NO: Oh that should be many. As far as what comes on my mind now, my experience living in Mexico and Kyoto are very strong. Feeling the native Mexican culture was strong experience for me and strong influence for me. I used to collect old coins with many imprint damages on it and fossils. I think they are already showing my interests toward imprints or index of existence. It might be heard strange but my experience playing football in Mexico has also strong influence for my space grasp. About who; The people I met = the shamans The painters = Pablo Picasso, Paul Cezanne, Tsuguharu Leonard Foujita, Edgar Degas, Henri Matisse, Edward Munch, Toulouse-Lautrec, Francisco de Goya, Paul Gauguin, Gustav Klimt, Pierre Bonnard, Alfaro Siqueiros, Hokusai, Rosetsu Nagasawa, Utamaro and unknown painters of the paintings in the caves The music = Mexican Mariachi, Cuban music The Japanese storyteller = Danshi Tachikawa The writers = Carlos Castaneda, Joseph Campbell, Garcia Marquez, Saint-Exupéry The Sculptor = Gian Lorenzo Bernini, Rodin The Scholar = Sizuka Shirakawa, Albert Einstein, Buckminster Fuller The Animation Director = Hayao Miyazaki The play = Noh from Zeami and Kanami, Phantom of the opera The photographer are too close and and too many to describe.
CC: As last question, I’d like to know if there is -and what is it- your biggest obsession in your work as artist.

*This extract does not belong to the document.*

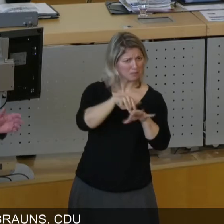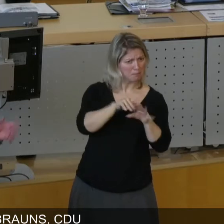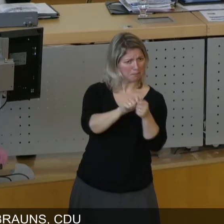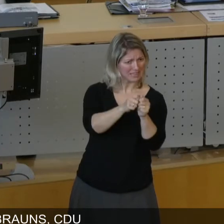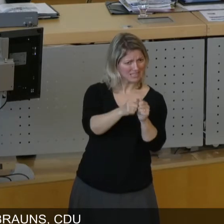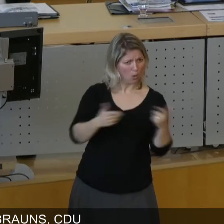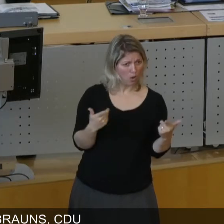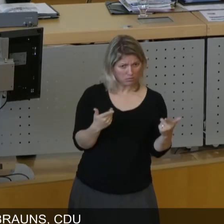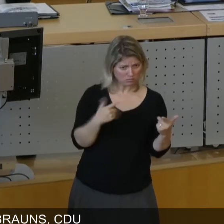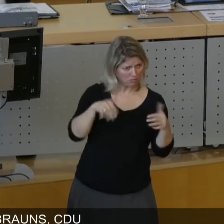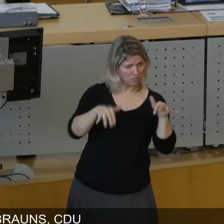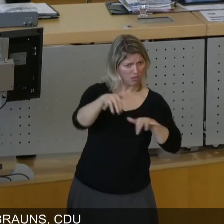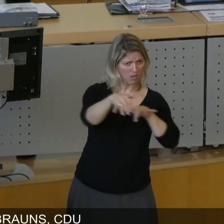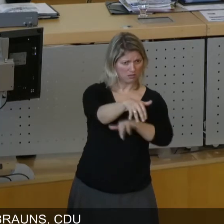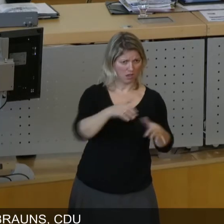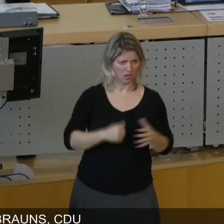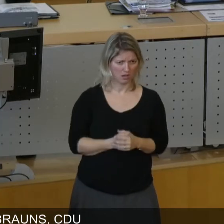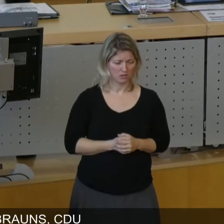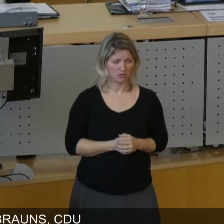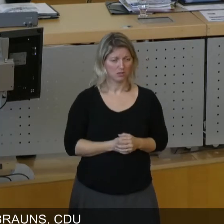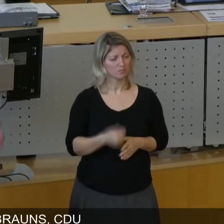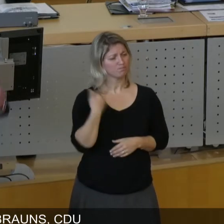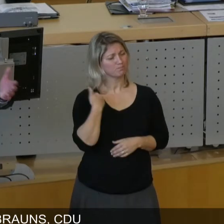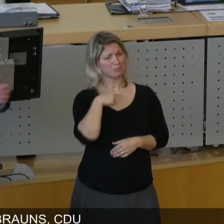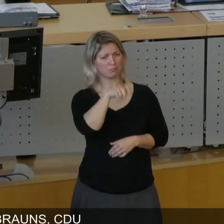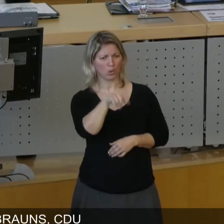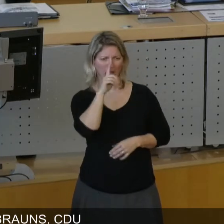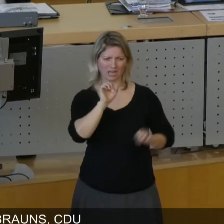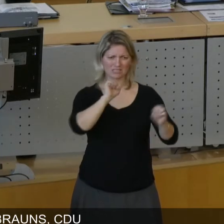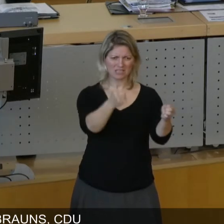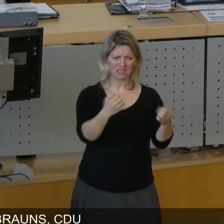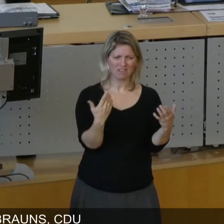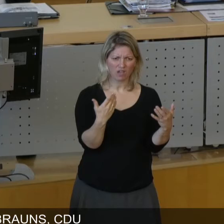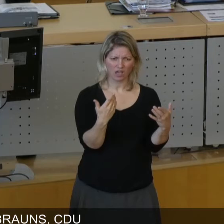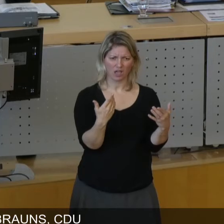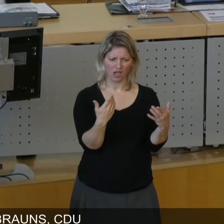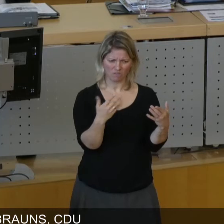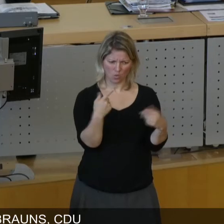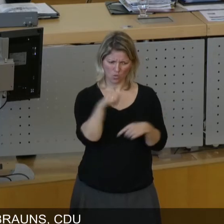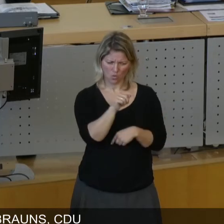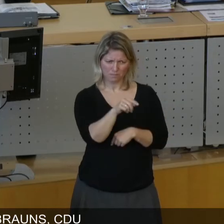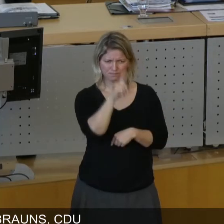hat, und da kann ich auch nur sagen, die Bürgerinitiative, die diesen großen

NO: To be present at the moment. For me having a good prints or having a good exhibitions are not the biggest obsession. For me the biggest obsession is to be there at the moment feeling and watching and communicating with the beauty of the nature of the human and with the surroundings. For me the photography is the fossil of the moment of the life and it is also very beautiful as it lead us and connects us toward the existence of the life.